Yesterday evening, after a lovely night of chicken paella, copious vino, and serving as the impromptu Italian translator (weird, I know), I went to get my laundry from the line before turning in for the night. Much to my (mis)fortune, however, a small stone lodged itself between my foot and sandal, slicing apart the fleshy goodness that was my left big toe, leaving it a bloody, and painful, mess. Fuck, I’m fairly certainly I cried out in several languages. Not good – definitely not a good spot to injure yourself on Camino.
Fuck, again. Now what? I thought to myself as I watched an unending flow of blood stream forth from the hideous laceration, the suspect stone mocking me as my blood pooled about it. Buen Camino! I heard the little bastard laugh at me. I kicked it away in disgust, forgetting my laundry as I hobbled to the nearest sink, doing my best to not track blood everywhere. Christ, how it hurt.
Injuries are commonplace amidst the Camino. Many people will earn themselves more than a few blisters along the way, and the ubiquitous joint and back pain seem to affect more still. But almost severing a toe via stone? Bah.

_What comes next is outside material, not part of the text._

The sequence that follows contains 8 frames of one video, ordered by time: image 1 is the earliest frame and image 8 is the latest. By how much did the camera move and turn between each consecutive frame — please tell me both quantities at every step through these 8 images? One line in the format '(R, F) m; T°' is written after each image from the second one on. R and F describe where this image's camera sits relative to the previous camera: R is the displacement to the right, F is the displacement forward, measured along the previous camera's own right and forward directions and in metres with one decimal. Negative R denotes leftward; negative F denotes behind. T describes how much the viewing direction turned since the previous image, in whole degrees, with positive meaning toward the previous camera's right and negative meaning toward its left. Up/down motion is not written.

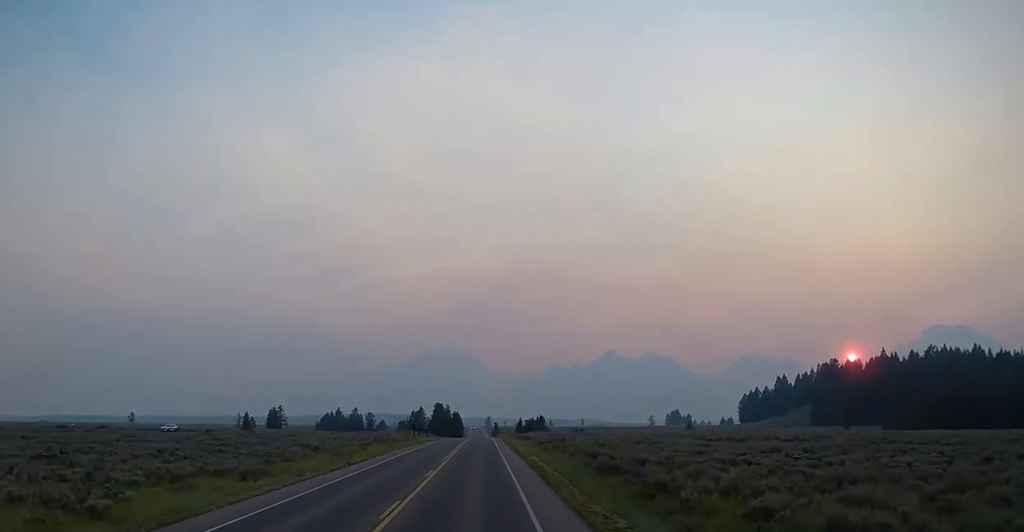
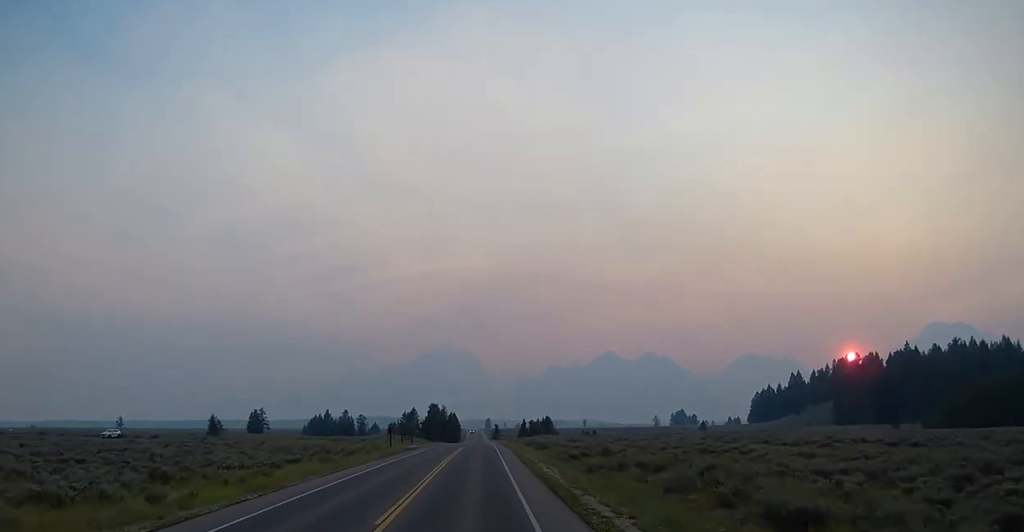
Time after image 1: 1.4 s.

What choices did I have then? After patching up the wound, I could continue the Way and hope my Boy Scout First Aid training pulled through. It would certainly be touch and go, a slower day no less. Or I could sit a day out and let the wound heal up naturally before continuing onward, giving not only my toe, but my body as well, time to heal and recuperate.
But momma didn’t raise no bitch, I said in defiant triumph, stitching together the remnants of my toe in preparation for the morrow. As the famous Dewey Cox once said, “And I will walk. Hard.”
The next morning I donned my tactical sandals in lieu of my boots and began my trek westward. Trying to squeeze my wounded foot into my boots was not happening – too rigid and no air for the wound to breathe. Luckily the Way was mostly flat – albeit there was one steep hill – and it was typically easygoing.
As I trudged along, and I mean trudged, I recalled that everything happens for a reason, absolutely everything, and my injury was no exception. There was a purpose behind that malicious stone, no doubt, and as I walked, anger, bravado, and frustration gave way to clarity and calm. Gone were the ill feelings that haunted my early rising, that sense of uncertainty about the day and my performance – here were only good things now.
By walking at a slower pace, I had more time to admire the beauty of the Meseta, a region many people find dull or lackluster. Yet here I was surrounded by an absurd amount of colors, sounds, and sights that strained all of my senses to truly appreciate.
The crunch of the gravel underfoot was coupled with the singing of various avians and the squeaks of mammalian critters, and the soft sound of the wind whistling throughout the budding wheat.
Greens of all hues and shades were juxtaposed against fields of fresh earth, punctuated here and there by haphazard splashes of floral colors. Multi-hued tractors churned the earth anew, their drivers just as colorful as their mechanic beasts.
And in the distance, one could always see the stone spire of a venerable church.
No, my injury was far from an impediment – it was the catalyst to clarity. Befitting, too, that it occurred upon entering the Meseta, the mental portion of Camino.
My mind soon focused not upon the emotions I let grip me the evening afore, but instead upon the beauty surrounding me in every waking moment. The pristine beauty of the Meseta and all Spain had to offer this day.
It allowed me to slow down and share with strangers, to laugh and talk with one another as if we were all old friends. The lovely German and Irish couple, the Irish gal redder than the sun, the friendly Spanish bar owner who gave me a medallion, the two French ladies enjoying the hilltop view, the people and souls of Camino who I might have simply walked on past had I not been humbled by a single stone.